Open pboudolf opened 4 years ago
@pboudolf Hi, I think, there is a slight misunderstanding. I know your feeling.
At first, even if we use the model learned by the authors, it seems that the recognition accuracy will not be significantly reduced by setting the image size to 128x128. In that case, you can adjust the scale value properly. The adjustment formula is discussed in https://github.com/HRNet/HRNet-Facial-Landmark-Detection/issues/3.

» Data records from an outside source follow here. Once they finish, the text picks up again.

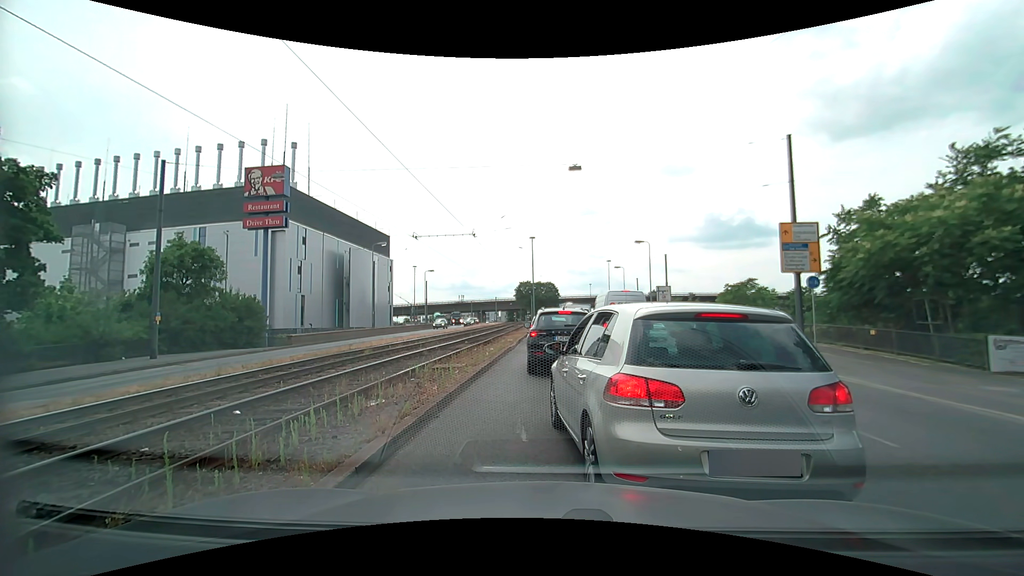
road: primary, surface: asphalt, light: Day
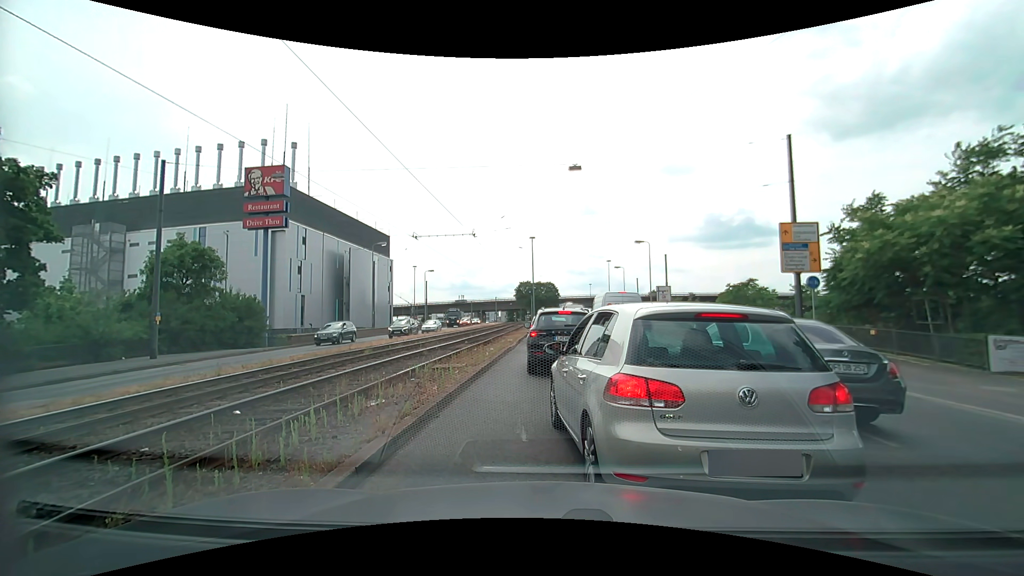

Also, the argument [64, 64] of decode_preds
is used as the reference value when calculating the coordinate.
It is treated only as a number on decode_preds
.
And, [64, 64] means the heatmap size of the model.
The argument of decode_preds
and the heatmap size of the model shoud be synchronized .
My recommendation is not to change the author's model config. And, referring to https://github.com/HRNet/HRNet-Facial-Landmark-Detection/issues/3, calculate appropriately according to your image. I think this is the simplest solution.
FYI!
Hi, I used the same learning conditions (crop, etc.) to make the model estimate keypoints for my own images (that are annotated with a bouding box). However, these images are of the format 128x128 instead of 256x256. To account for this, I changed in the following line: https://github.com/HRNet/HRNet-Facial-Landmark-Detection/blob/f776dbe8eb6fec831774a47209dae5547ae2cda5/lib/core/function.py#L194 [64,64] to [32,32]. This way, my points are better centered on the face, but they are still estimated really badly. Could this be because of the 128x128 input (although I thought I accounted for this)? Or do others also have performance problems on own images and might the problem be caused because of occlusions and lighting conditions in my own images?